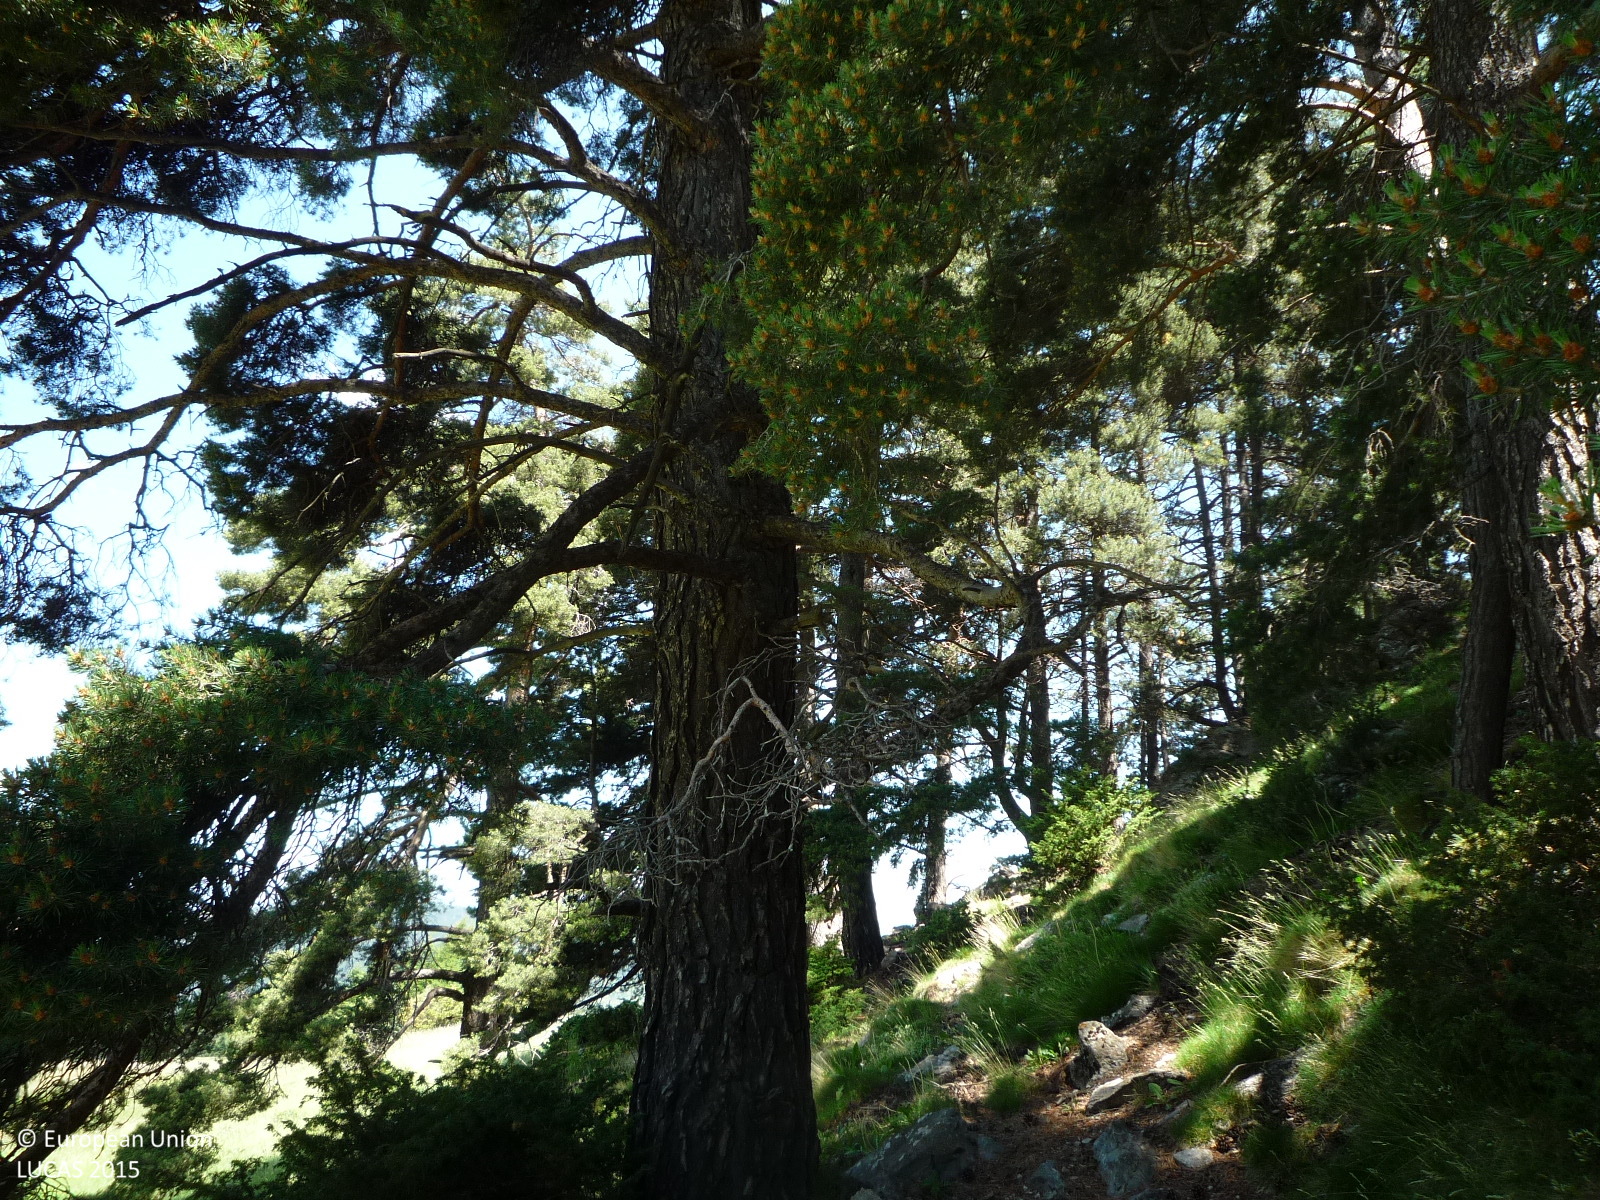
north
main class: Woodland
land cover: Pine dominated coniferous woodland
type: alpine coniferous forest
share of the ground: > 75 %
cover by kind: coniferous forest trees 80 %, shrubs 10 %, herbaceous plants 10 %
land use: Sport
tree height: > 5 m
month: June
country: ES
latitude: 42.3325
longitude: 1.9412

•••••

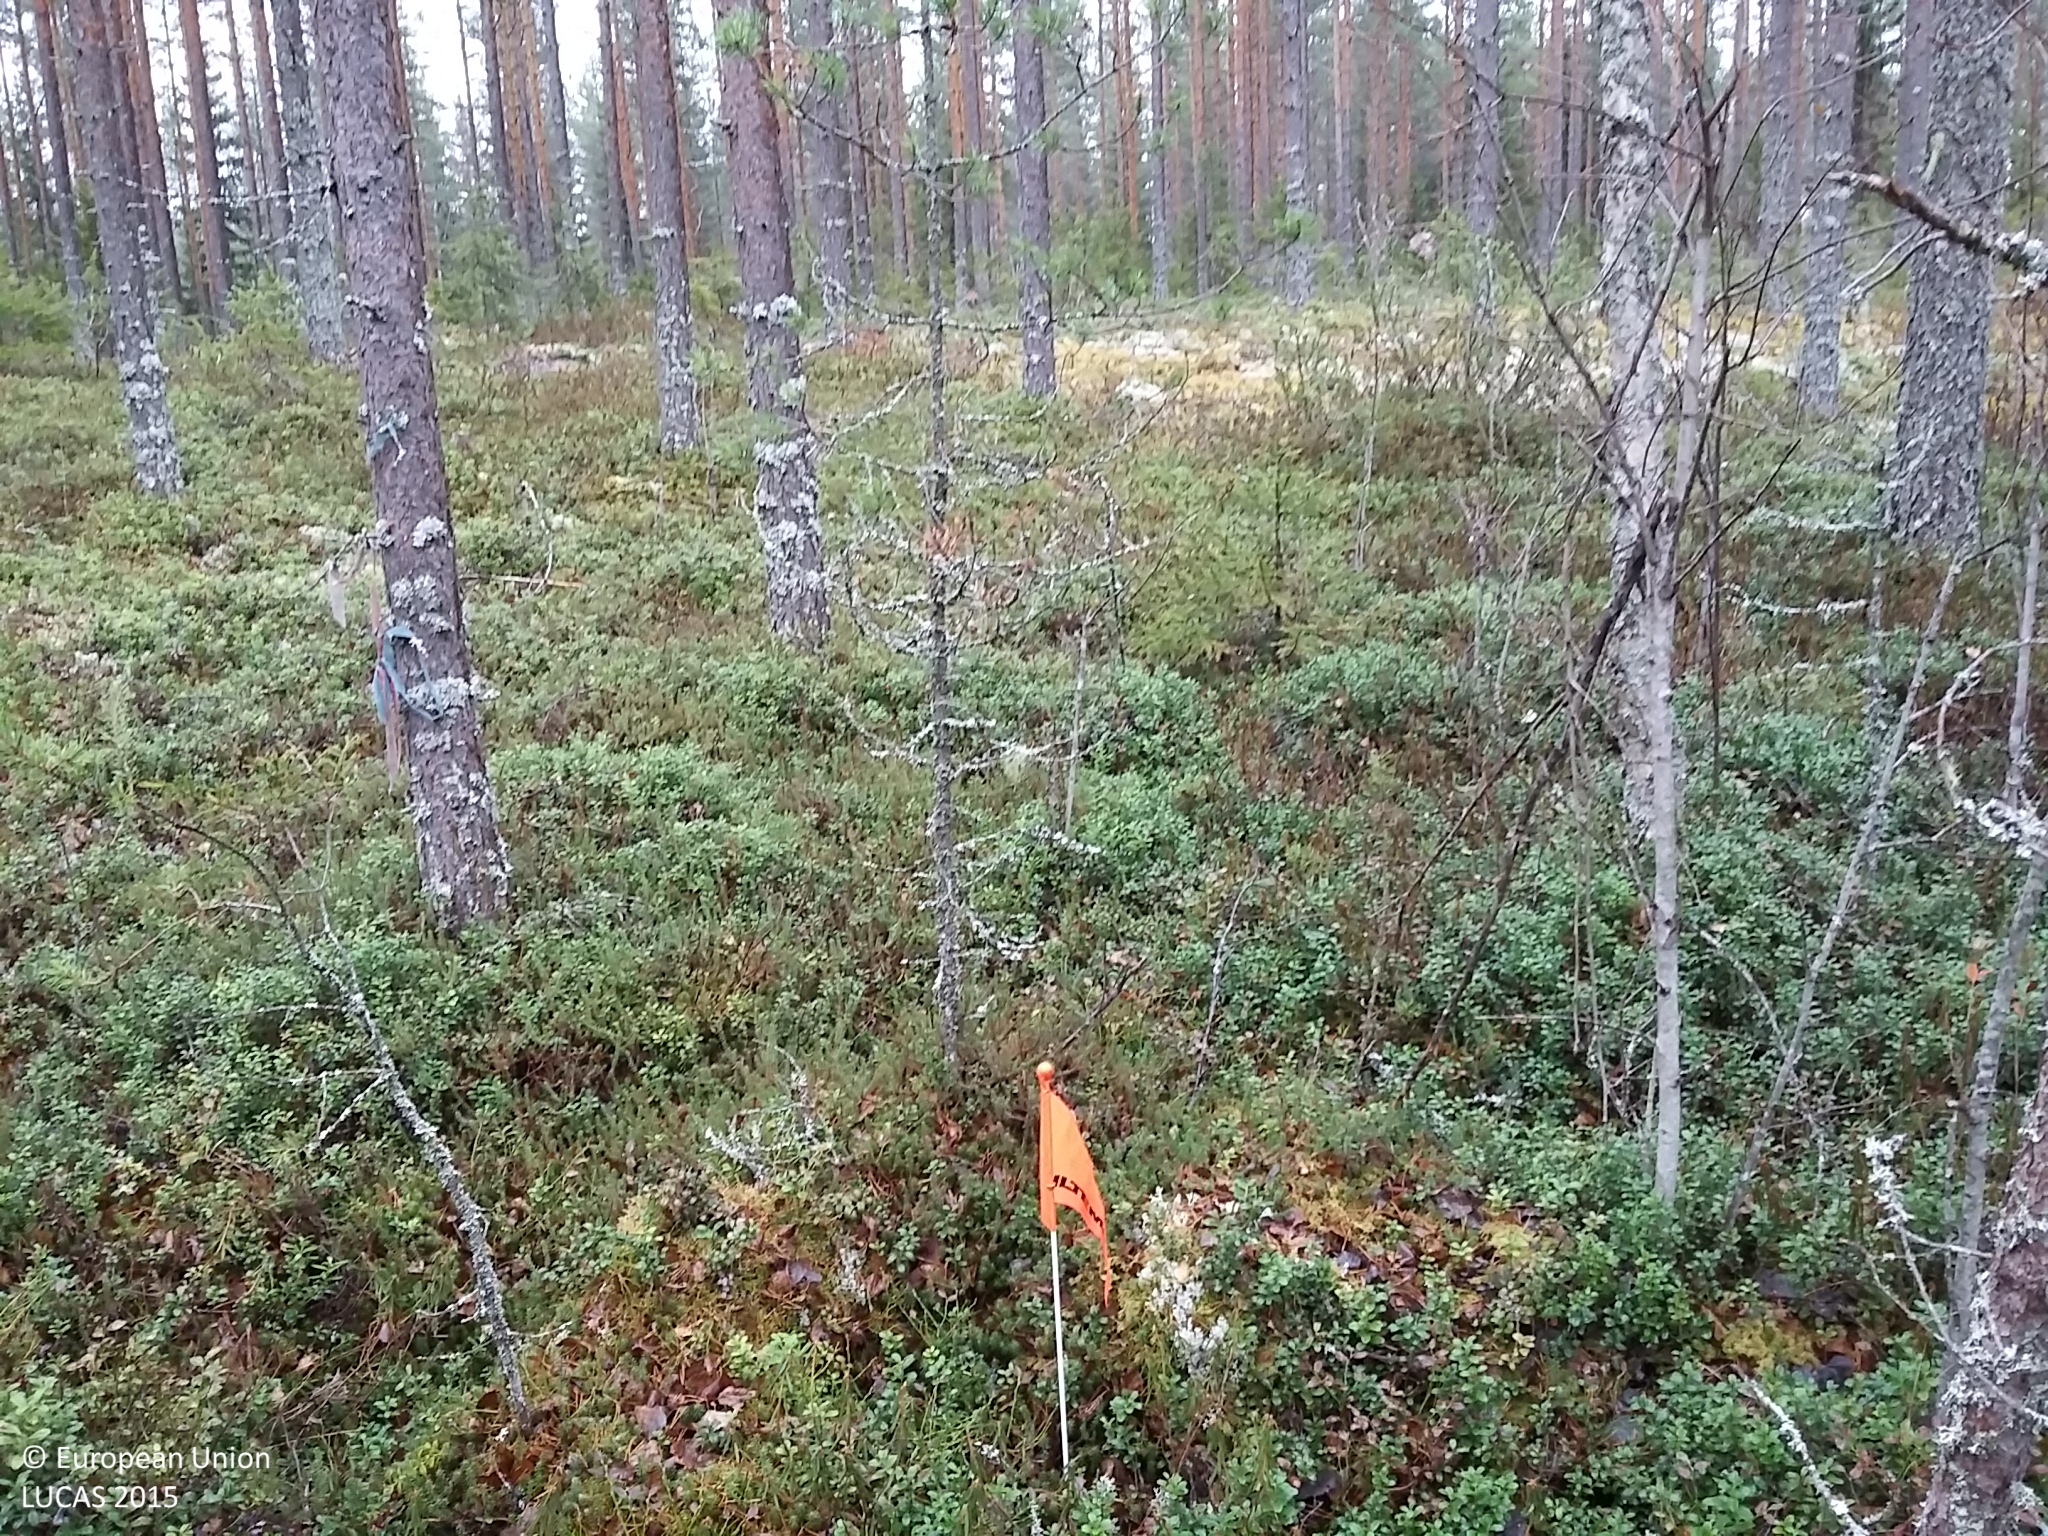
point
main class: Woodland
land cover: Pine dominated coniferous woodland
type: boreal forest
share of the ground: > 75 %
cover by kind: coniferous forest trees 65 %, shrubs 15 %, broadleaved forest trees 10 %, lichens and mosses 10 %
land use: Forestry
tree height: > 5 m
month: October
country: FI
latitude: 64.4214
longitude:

•••••

HOW TO COMPLETE THIS TASK | Count the lines in the records that include the word "cover". Report the total alone.

TASK SOLUTION | 4